Stored data —
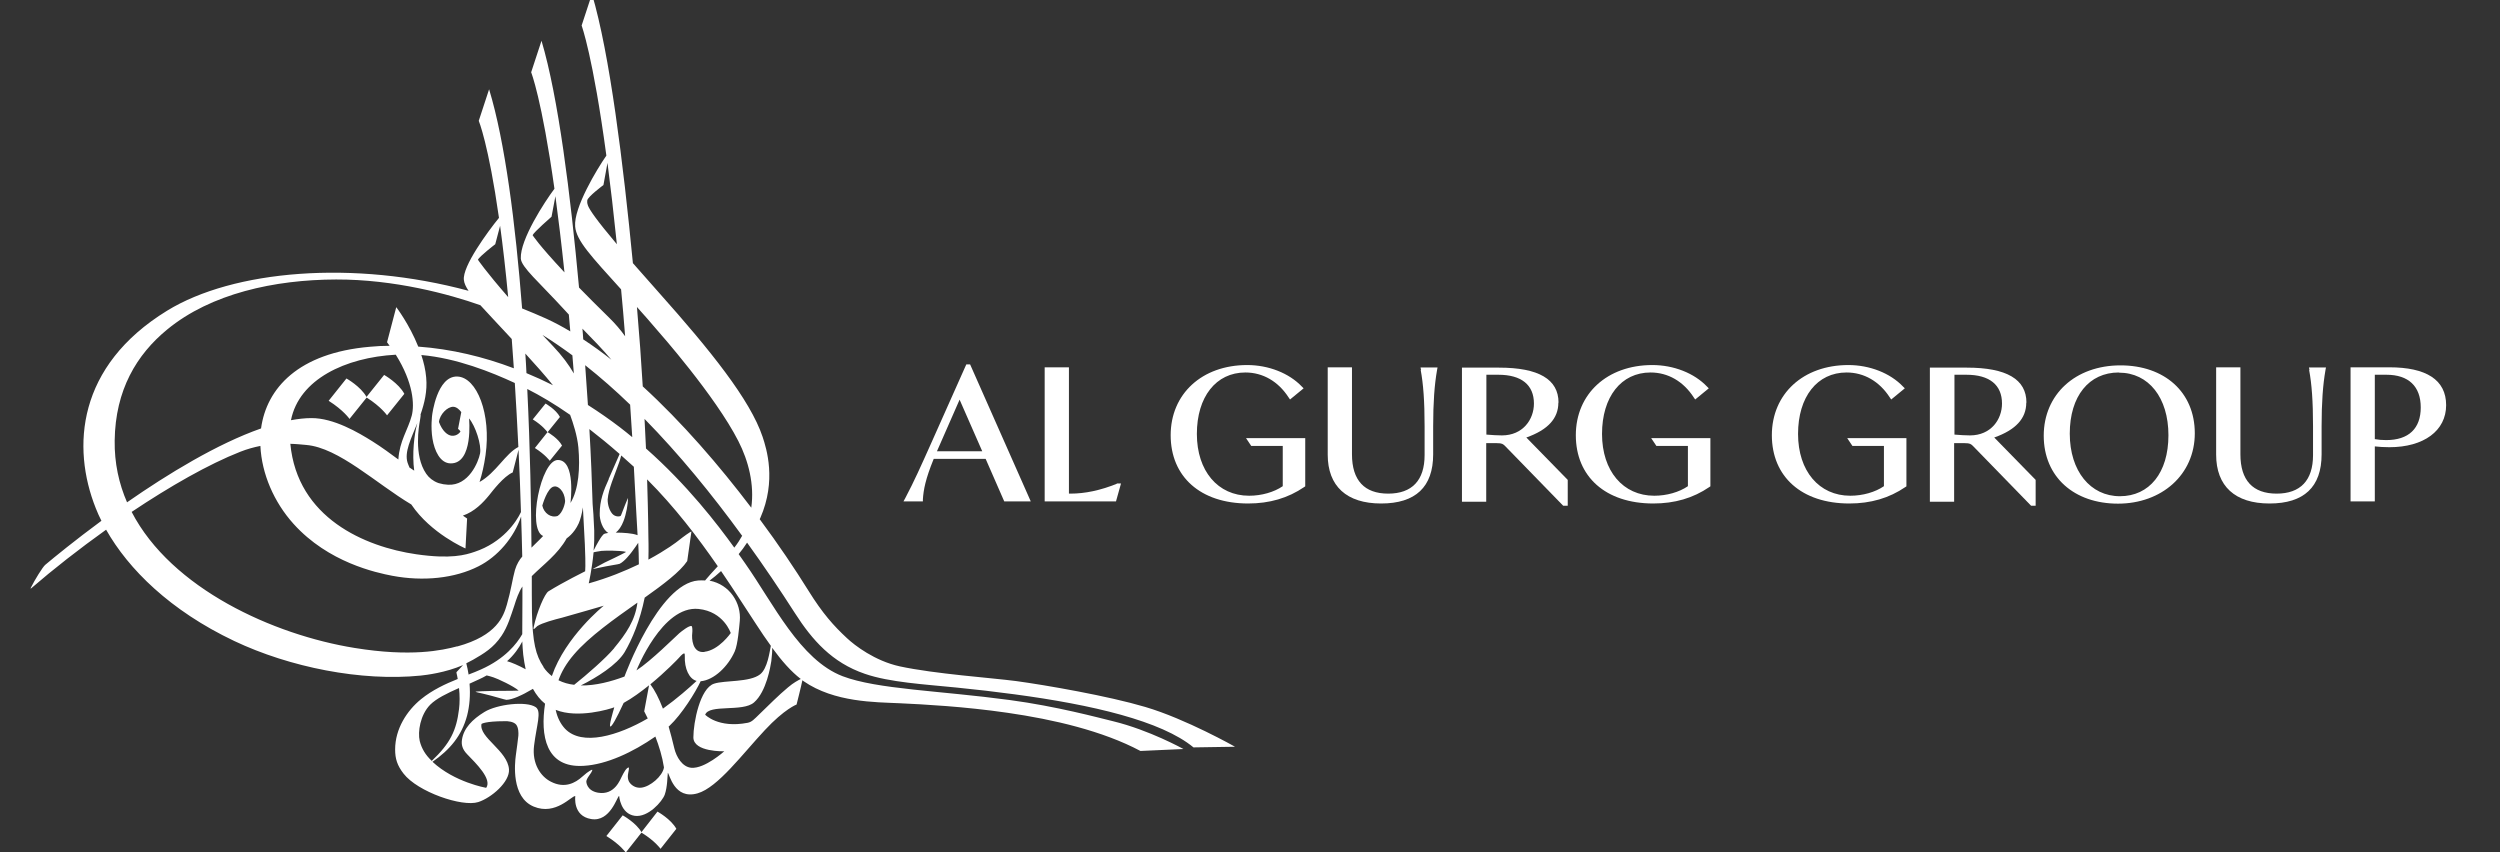 <?xml version="1.0" encoding="UTF-8"?>
<svg id="Layer_2" xmlns="http://www.w3.org/2000/svg" xmlns:xlink="http://www.w3.org/1999/xlink" version="1.1" viewBox="0 0 154.57 52.7">
  <rect x="0" y="0" width="154.57" height="52.7" fill="#333333" stroke="none"/>
  <!-- Generator: Adobe Illustrator 30.0.0, SVG Export Plug-In . SVG Version: 2.1.1 Build 123)  -->
  <defs>
    <style>
      .st0 {
        fill: none;
      }

      .st1 {
        fill-rule: evenodd;
      }

      .st1, .st2 {
        fill: #fff;
      }

      .st3 {
        clip-path: url(#clippath);
      }
    </style>
    <clipPath id="clippath">
      <rect class="st0" x="55.86" y="20.12" width="95.71" height="18.17"/>
    </clipPath>
  </defs>
  <g class="st3">
    <g>
      <path class="st2" d="M57.93,27.9l1.4-3.19,1.4,3.19h-2.8,0ZM59.74,22.54l-2.22,4.98c-.56,1.25-1,2.24-1.55,3.28l-.11.2h1.2v-.13c.04-.6.16-1.25.67-2.5h3.21l1.15,2.63h1.64l-3.75-8.47h-.23Z"/>
      <path class="st2" d="M69.05,29.91c-1.02.41-1.96.61-2.87.61h-.09v-7.81h-1.5v8.29h4.41l.31-1.11h-.26s0,.02,0,.02Z"/>
      <path class="st2" d="M77.38,27.57h1.93v2.49c-.54.37-1.31.59-2.08.59-1.93,0-3.23-1.53-3.23-3.82s1.18-3.8,3-3.8c1.08,0,2.03.55,2.67,1.54l.09.13.84-.69-.11-.11c-.79-.83-2.06-1.33-3.38-1.33-2.79,0-4.73,1.78-4.73,4.34s1.84,4.22,4.79,4.22c1.32,0,2.46-.33,3.47-1.02l.06-.04v-2.98h-3.66l.32.48h0Z"/>
      <path class="st2" d="M87.84,22.88c.16.86.24,1.93.24,3.47v1.79c0,1.56-.78,2.38-2.25,2.38s-2.24-.82-2.24-2.43v-5.38h-1.5v5.4c0,1.95,1.17,3.02,3.3,3.02s3.22-1.02,3.22-3.04v-1.74c0-1.45.08-2.56.24-3.47l.03-.16h-1.05l.03.16s0,0,0,0Z"/>
      <path class="st2" d="M91.91,23.17h.73c1.43,0,2.2.63,2.2,1.78,0,.98-.68,1.97-1.98,1.97-.2,0-.67-.02-.96-.05v-3.7h0ZM96.36,24.89c0-1.44-1.23-2.16-3.68-2.16h-2.29v8.29h1.5v-3.62h.66c.32,0,.38.05.52.19l3.58,3.68h.28v-1.6l-2.56-2.62c1.33-.47,1.98-1.18,1.98-2.15"/>
      <path class="st2" d="M102.43,27.57h1.93v2.49c-.54.37-1.31.59-2.08.59-1.93,0-3.23-1.53-3.23-3.82s1.18-3.8,3-3.8c1.08,0,2.03.55,2.67,1.54l.09.13.84-.69-.11-.11c-.79-.83-2.06-1.33-3.38-1.33-2.79,0-4.73,1.78-4.73,4.34s1.84,4.22,4.79,4.22c1.32,0,2.46-.33,3.47-1.02l.06-.04v-2.98h-3.66l.32.48h0Z"/>
      <path class="st2" d="M114.55,27.57h1.93v2.49c-.54.37-1.31.59-2.08.59-1.93,0-3.23-1.53-3.23-3.82s1.18-3.8,3-3.8c1.08,0,2.03.55,2.67,1.54l.09.13.84-.69-.11-.11c-.79-.83-2.06-1.33-3.38-1.33-2.79,0-4.73,1.78-4.73,4.34s1.84,4.22,4.79,4.22c1.32,0,2.46-.33,3.47-1.02l.06-.04v-2.98h-3.66l.32.48h0Z"/>
      <path class="st2" d="M120.84,23.17h.74c1.43,0,2.2.63,2.2,1.78,0,.98-.68,1.97-1.98,1.97-.2,0-.67-.02-.96-.05v-3.7ZM125.29,24.89c0-1.44-1.23-2.16-3.68-2.16h-2.29v8.29h1.5v-3.62h.66c.32,0,.38.05.52.19l3.58,3.68h.28v-1.6l-2.56-2.62c1.33-.47,1.98-1.18,1.98-2.15"/>
      <path class="st2" d="M131.01,23.04c1.84,0,3.06,1.55,3.06,3.87s-1.18,3.77-3,3.77-3.1-1.55-3.1-3.87,1.19-3.78,3.03-3.78M131.11,22.59c-2.79,0-4.75,1.79-4.75,4.35s1.89,4.2,4.59,4.2,4.75-1.79,4.75-4.35-1.89-4.2-4.59-4.2"/>
      <path class="st2" d="M142.77,22.88c.16.86.24,1.93.24,3.47v1.79c0,1.56-.78,2.38-2.25,2.38s-2.24-.82-2.24-2.43v-5.38h-1.5v5.4c0,1.95,1.17,3.02,3.3,3.02s3.22-1.02,3.22-3.04v-1.74c0-1.45.08-2.56.24-3.47l.03-.16h-1.05l.03.16h0Z"/>
      <path class="st2" d="M146.83,27.15v-3.98h.72c1.37,0,2.12.72,2.12,2.02s-.74,2.02-2.14,2.02c-.25,0-.49-.02-.7-.06M147.73,22.71h-2.4v8.29h1.5v-3.4c.25.03.58.05.9.05,2.13,0,3.51-1.02,3.51-2.6s-1.25-2.34-3.51-2.34"/>
    </g>
  </g>
  <path class="st1" d="M41.82,51.24s-.75.95-.98,1.24c0,0-.34-.49-1.18-1-.07.09-.76.96-.97,1.23,0,0-.35-.5-1.2-1.02l1.01-1.28s.82.45,1.16,1.04l.99-1.27s.84.46,1.17,1.07ZM21.61,25.9c.23-.29.98-1.22,1.06-1.32.9.57,1.26,1.1,1.26,1.1.25-.31,1.07-1.33,1.07-1.33-.35-.66-1.25-1.17-1.25-1.17l-1.09,1.36c-.36-.65-1.24-1.14-1.24-1.14l-1.1,1.38c.92.58,1.29,1.12,1.29,1.12ZM33.85,26.72l-.78.98c.65.41.92.79.92.79.17-.22.76-.94.76-.94-.23-.44-.82-.79-.89-.83.18-.23.76-.94.76-.94-.25-.47-.89-.83-.89-.83l-.79.98c.61.38.87.74.91.79ZM46.19,33.55c-.17.26-.34.5-.52.71.17.24.31.44.42.6,1.72,2.45,3.37,5.94,6.01,6.95,2.13.81,6.01.89,10.32,1.47,2.91.39,5.48,1.09,6.39,1.31,2.26.55,4.36,1.72,4.36,1.72l-2.66.12c-2.33-1.24-5.38-1.95-8.22-2.36-2.69-.39-5.18-.52-6.67-.59-1.51-.07-4.03-.05-5.93-1.36-.03-.02-.05-.04-.08-.06-.08.4-.36,1.5-.36,1.5,0,0-.74.27-1.96,1.58-1.37,1.46-2.91,3.55-4.16,3.91-1.45.42-1.74-1.22-1.84-1.27-.03.23-.02.86-.19,1.35-.15.42-1.03,1.43-1.86,1.31-.88-.13-.96-1.23-.96-1.23-.12.01-.54,1.63-1.73,1.43-1.16-.19-.98-1.42-.98-1.42-.22-.04-1.2,1.22-2.57.65-1.4-.58-1.17-2.68-1.11-3.15.06-.47.13-.91.16-1.24.01-.17.01-.48-.13-.67-.15-.2-.55-.23-.7-.22-1.25,0-1.45.17-1.45.17-.17.84,1.62,1.65,1.7,2.81.05.78-1.09,1.76-1.9,2.02-.99.32-3.75-.63-4.62-1.76-.39-.5-.52-.92-.52-1.49,0-1.28.73-2.4,1.6-3.11.7-.57,1.52-.95,2.27-1.25-.02-.13-.05-.26-.08-.39,0,0,0-.02.01-.04.16-.18.28-.3.4-.43-1.09.47-2.25.61-2.62.65-3.67.37-8.09-.51-11.53-2.14-3.96-1.88-6.54-4.44-7.92-6.88-1.65,1.18-3.25,2.43-4.64,3.63,0,0-.06.04-.01-.05.24-.48.73-1.28.89-1.41.56-.47,1.83-1.51,3.47-2.72-.13-.26-.25-.52-.35-.78-1.5-3.77-1.16-8.79,4.41-12.21,4.09-2.51,11.52-3.15,18.64-1.23-.17-.25-.27-.47-.29-.67-.1-.84,1.47-2.98,2.17-3.84-.65-4.57-1.25-6-1.25-6l.64-1.95c.99,3.25,1.63,8.32,2.04,13.55.5.2,1,.41,1.49.63.5.23.99.49,1.49.79-.03-.35-.06-.7-.09-1.04-.08-.09-.16-.17-.23-.25-1.65-1.8-2.71-2.68-2.74-3.22-.05-1.17,1.48-3.51,2.08-4.31-.79-5.6-1.44-7.2-1.44-7.2l.64-1.95c1.04,3.49,1.79,9.48,2.32,15.26.52.53,1.13,1.15,1.85,1.85.39.38.72.77,1,1.16-.08-1.02-.16-1.98-.25-2.9-1.85-2.05-2.77-3.01-2.84-3.89-.1-1.15,1.36-3.56,1.93-4.38-.83-6.17-1.53-8.04-1.53-8.04l.64-1.95c1.1,3.71,1.93,10.42,2.53,16.64.47.54,1.02,1.16,1.66,1.88,3.11,3.49,5.59,6.56,6.36,8.86.24.73.87,2.7-.14,5.01-.01.03-.02.05-.04.08,1.16,1.56,2.18,3.08,3.02,4.43.87,1.4,1.56,2.17,2.38,2.93.47.44,1.71,1.4,3.26,1.74,2.18.47,5.68.71,7.2.91,1.83.25,5.69.92,7.98,1.6,2.51.74,5.55,2.46,5.55,2.46l-2.57.04c-1.98-1.64-6.28-2.64-11.05-3.28-1.18-.16-2.39-.3-3.6-.42-1.98-.2-4.14-.32-5.67-.85-2.02-.69-3.25-2.08-4.32-3.75-.93-1.45-1.92-2.92-2.96-4.36ZM38.14,15.1c-.2-1.92-.39-3.58-.58-5.03l-.25,1.37s-.98.73-1,.95c-.02.17.03.28.05.34.11.26.49.84,1.78,2.37ZM39.38,18.97c.15,1.73.27,3.39.36,4.92,2.43,2.22,4.74,4.9,6.71,7.5.2-1.43-.17-2.89-.8-4.12-1.43-2.81-4.95-6.78-4.95-6.78-.47-.55-.91-1.06-1.32-1.51ZM32.05,27.64c-.07-1.41-.14-2.73-.22-3.96-1.42-.66-3.6-1.54-5.78-1.73.15.45.26.92.3,1.39.08.84-.11,1.6-.35,2.29.03.04-.04.36-.05.45-.03.19-.39,2.06.4,3.21.17.25.42.45.74.57.02,0,.05.02.07.02.16.05.34.08.54.09,1.28.07,1.88-1.41,1.98-1.93.1-.53-.28-1.7-.68-2.17,0,0,.28,2.79-1.13,2.78-.66,0-1.01-.79-1.13-1.52-.12-.73-.02-1.47-.02-1.47,0,0,.29-2.43,1.56-2.38,1.21.05,2.1,2.32,1.74,4.86-.09.64-.22,1.19-.37,1.66,1.02-.57,1.6-1.76,2.41-2.17ZM25.34,28.92c.09.06.18.12.27.18-.14-1.03,0-2.24.19-2.94-.39.98-.81,1.79-.6,2.45.03.1.08.2.13.32ZM28.32,26.52l.2-1.04c-.12-.16-.29-.32-.49-.33-.37-.01-.84.47-.89.94.21.57.53.82.78.85.37.04.55-.26.55-.26-.05-.1-.16-.17-.16-.17ZM24.47,21.93c-3.11.17-5.98,1.52-6.48,4.05.44-.08.86-.13,1.26-.13,1.38-.01,2.92.9,3.78,1.44.59.37,1.11.76,1.6,1.12.07-1.15.59-1.82.83-2.72.17-.68.1-2.02-.99-3.76ZM17.95,27.43c.43,4.6,4.62,6.38,7.79,6.84,2.15.31,3.04.04,3.6-.15,1.73-.57,2.59-1.86,2.87-2.46,0,0,0,0,0,0-.04-1.35-.09-2.64-.15-3.85l-.36,1.4c-.56.24-1.25,1.15-1.45,1.4-.39.48-.91,1.02-1.63,1.27.08.06.17.12.26.18l-.1,1.85s-2.14-.92-3.35-2.72c-2.17-1.29-4.48-3.51-6.5-3.68-.24-.02-.58-.06-.98-.07ZM32.55,23.07c.56.23,1.1.48,1.64.75-.5-.62-1.14-1.34-1.71-1.96.03.4.05.81.07,1.21ZM37.63,29.62c.25-.56.46-1.06.68-1.55-.66-.58-1.29-1.09-1.87-1.54.1,1.7.16,3.26.2,4.63.03.32.07.85.1,1.65.01.41,0,.83-.04,1.23.5-.99.64-1.02.64-1.02.04-.03.14-.05.27-.07-.35-.2-.55-.81-.53-1.21,0-.78.24-1.43.56-2.12ZM36.63,35.19s.6-.33.76-.41c.98-.46,1.28-.63,1.28-.63l.03-.03c-.34-.09-1.31-.08-1.51-.06-.21.03-.46.08-.46.08,0,0-.01,0-.03.01-.1,1.05-.3,1.92-.3,1.92,1.21-.34,2.25-.77,3.1-1.18,0-.48-.02-.94-.04-1.33-.09.14-.22.33-.41.58-.06.08-.43.57-.74.72-.06.03-.73.12-1.3.25-.13.03-.35.08-.38.07ZM37.97,40.07c.74-.89,1.31-1.73,1.44-2.81-1.43,1.01-2.98,2.1-3.92,3.2-.49.57-.79,1.11-.96,1.6.3.15.62.24.97.28.78-.62,1.94-1.63,2.47-2.26ZM32.6,24.06c.18,3.68.24,7.15.26,9.8.45-.43.72-.72.72-.72-1-.42-.14-4.7.91-4.7,1.13,0,.78,2.66.78,2.66.52-.85.6-2.21.49-3.43-.07-.74-.32-1.5-.51-2.02-.99-.69-1.86-1.2-2.65-1.6ZM34.94,30.96c-.04-.62-.45-.94-.68-.88-.42.05-.73,1.18-.73,1.18.1.47.53.78.95.64.32-.2.47-.8.46-.94ZM32.3,39.65c-.21.41-.53.86-.95,1.23.27.07.73.27,1.15.5-.06-.28-.11-.57-.15-.9-.03-.26-.04-.53-.06-.84ZM33.59,41.23c.15.23.33.41.53.57.84-2.45,3.21-4.35,3.21-4.35,0,0-2.03.59-2.58.74-.44.11-1.23.32-1.53.52-.04.03-.2.2-.22.19-.03-.02,0-.12,0-.14.2-.94.68-2.06.91-2.2.92-.57,2.27-1.24,2.27-1.24.03-.22,0-1.41-.02-1.67-.04-.78-.08-1.54-.12-2.28-.06.39-.15.74-.26.99-.29.64-.74.92-.74.92-.54.98-1.45,1.63-2.16,2.34,0,.73,0,1.56.01,2.25.04,1.83.23,2.65.72,3.37ZM34.36,43.9c.1.48.31.87.57,1.15,1.05,1.11,3.3.43,5.12-.63-.13-.27-.22-.44-.22-.44l.3-1.61c-.5.4-1.04.8-1.57,1.09-.47,1.02-.74,1.47-.82,1.46-.11,0,.16-.9.24-1.19-.27.11-2.25.71-3.62.16ZM40.98,43.82c.87-.62,1.65-1.31,2.09-1.72-.46-.12-.76-.76-.73-1.54,0-.04,0-.15-.03-.16-.05-.01-.15.06-.34.28-.07.08-.82.86-1.76,1.63.27.36.52.84.78,1.51ZM43.55,40.3c.9-.1,1.63-1.16,1.63-1.16,0,0-.43-1.33-1.99-1.49-2.25-.23-3.84,3.8-3.84,3.8.92-.6,2.4-2.08,2.65-2.3.13-.11.62-.5.76-.44.05.02.06.28.04.44-.04.32,0,1.24.75,1.16ZM43.61,35.87c.16-.2.44-.5.77-.86-1.23-1.78-2.67-3.67-4.37-5.37.07,2.25.08,3.63.08,3.63,0,0,.02.57,0,1.33,1.12-.6,1.78-1.11,1.85-1.17.31-.25.76-.57.81-.57l-.26,1.83c-.44.66-1.46,1.43-2.63,2.26-.29,1.43-.77,2.57-1.24,3.37-.47.78-1.72,1.57-2.71,2.06.91.02,1.9-.25,2.7-.55,0,0,2.09-5.74,4.56-5.94.15-.01.29-.01.43,0ZM39.2,28.87s0,0-.01-.01c-.27-.24-.53-.48-.78-.7-.05.19-.1.36-.13.43-.12.34-.3.8-.45,1.22-.13.38-.23.71-.26,1.07,0,.37.12.69.29.89.19.21.48.17.52.12.02-.03.03-.07.06-.14.01-.04.4-1.03.39-.95,0,.36-.11.98-.28,1.42-.12.32-.3.58-.48.71.47,0,1.04.04,1.32.15.01,0,.02,0,.03.01-.03-.52-.09-1.6-.09-1.6h0c-.05-.9-.09-1.77-.14-2.62ZM39.09,27.02c-.04-.68-.09-1.35-.13-2-.91-.88-1.83-1.69-2.78-2.44.06.84.12,1.66.17,2.46.69.44,1.35.9,1.98,1.38.26.2.51.4.75.6ZM34.9,16.84c-.19-1.81-.38-3.37-.56-4.71l-.24,1.27s-1.08.94-1.17,1.14c0,0,.33.55,1.97,2.3ZM36.07,20.99c.58.38,1.16.8,1.73,1.25-.52-.62-1.19-1.31-1.79-1.92.02.22.04.45.05.67ZM33.55,20.72c.21.23.43.46.67.71.53.56.94,1.11,1.26,1.66-.03-.38-.06-.75-.09-1.12-.61-.45-1.22-.87-1.83-1.25ZM29.55,16.06s.45.68,1.87,2.31c-.16-1.7-.33-3.16-.5-4.41l-.3,1.14s-.99.76-1.07.96ZM7.85,31.06c2.53-1.76,5.58-3.62,8.29-4.57.34-2.49,2.31-4.67,6.73-5.05.41-.04.81-.06,1.22-.06-.05-.07-.11-.15-.16-.22l.57-2.17s.81,1.06,1.36,2.44c2.05.15,4.04.63,5.91,1.34-.04-.63-.09-1.23-.13-1.81-.09-.09-.17-.18-.23-.25-.7-.76-1.27-1.35-1.71-1.84-1.93-.68-5.31-1.6-8.92-1.59-3.81.01-7.74.87-10.44,3.09-1.89,1.55-3.21,3.74-3.25,6.87-.02,1.38.26,2.66.77,3.83ZM28.27,39.97c2.48-.68,2.86-1.88,3.07-2.59.25-.86.35-1.61.5-2.14.11-.37.29-.65.45-.83-.02-.85-.04-1.68-.07-2.48-.45,1.33-1.46,2.49-2.63,3.08-1.47.75-3.42.95-5.33.59-.99-.19-3.96-.82-6.11-3.21-1.21-1.34-1.97-3.1-2.05-4.82-.4.08-.81.19-1.24.36-1.96.77-4.34,2.13-6.72,3.72,2.46,4.75,8.77,7.6,13.78,8.41,3.49.57,5.42.15,6.35-.1ZM28.96,41.71c.28-.11.55-.21.78-.32,1.48-.66,2.21-1.58,2.55-2.18,0-.58,0-1.25.01-2.04h0c0-.38,0-.65,0-.91-.23.35-.38.79-.5,1.18-.22.64-.4,1.29-.79,1.87-.5.75-1.1,1.1-1.76,1.48-.14.08-.28.15-.42.22.06.22.1.45.14.68ZM26.69,47.05c1.16-1.1,1.53-1.9,1.69-3.2.05-.4.05-.86,0-1.31-.75.33-1.4.65-1.78,1.03-.62.63-.78,1.68-.65,2.24.12.48.36.87.74,1.23ZM41.05,47.44c-.1-.66-.31-1.33-.53-1.9-1.38.96-3.01,1.73-4.43,1.81-2.36.15-2.69-1.88-2.39-3.84-.29-.23-.54-.54-.75-.92-.14.08-.31.18-.52.29-.1.05-.72.38-1.12.39-.08,0-.82-.24-1.48-.39-.15-.03-.41-.09-.43-.11-.02-.02.78-.05.99-.05,1.24,0,1.63-.02,1.63-.02h.05c-.31-.28-1.33-.75-1.56-.82-.15-.05-.32-.1-.42-.12-.16.09-.31.17-.47.24-.2.09-.4.18-.59.27.06.71,0,1.39-.15,1.97-.33,1.25-1.07,2.12-2.14,2.86,1.36,1.27,3.32,1.61,3.32,1.61.38-.54-.64-1.52-1.18-2.08-.3-.31-.36-.59-.32-.88.1-.72.64-1.27,1.39-1.73.78-.48,2.59-.69,3.17-.3.38.26.06,1.09-.1,2.38-.14,1.13.42,1.92,1.04,2.23.85.44,1.51.08,1.94-.31.43-.39.61-.43.61-.43.05.04-.12.28-.25.46-.11.17-.11.27-.11.27,0,0,0,.56.72.69,1.04.18,1.38-.83,1.48-1.01.11-.22.28-.55.43-.55.02.08-.02.23-.04.35-.07.34.04.55.14.65.16.17.39.28.67.25.55-.06,1.31-.71,1.4-1.24ZM47.74,40.04c.01.17,0,.43-.05.83-.05.32-.3,1.89-1.07,2.56-.69.61-2.78.09-3.02.76,0,0,.8.85,2.62.5.26-.05.38-.19.76-.56.51-.49,1.16-1.15,1.74-1.63.34-.29.63-.44.79-.52-.6-.46-1.18-1.12-1.77-1.93ZM44.58,35.31c-.23.21-.49.43-.71.59,1.26.24,1.97,1.4,1.87,2.49-.04.4-.12,1.44-.31,1.88-.41.93-1.28,1.78-2.11,1.85-.32.68-1.16,2.04-1.93,2.76-.02.01-.03.03-.05.04.12.4.23.85.35,1.34.13.55.5,1.16,1.05,1.21.83.07,2.04-1.02,2.04-1.02,0,0-1.91.06-1.91-.86,0-.92.41-3.04,1.28-3.32.66-.22,2.2-.07,2.85-.58.46-.37.58-1.39.66-1.76-.3-.41-.6-.86-.92-1.35-.64-.97-1.35-2.09-2.15-3.26ZM45.88,33.12c-1.87-2.57-3.9-5.05-6.03-7.22.03.64.06,1.26.09,1.83,2.56,2.26,4.41,4.67,5.46,6.13.19-.24.35-.49.49-.74Z"/>
</svg>

What is required — Search the material for the string "fill" and show every line that has it.

Response area —
  <rect x="0" y="0" width="154.57" height="52.7" fill="#333333" stroke="none"/>
        fill: none;
        fill-rule: evenodd;
        fill: #fff;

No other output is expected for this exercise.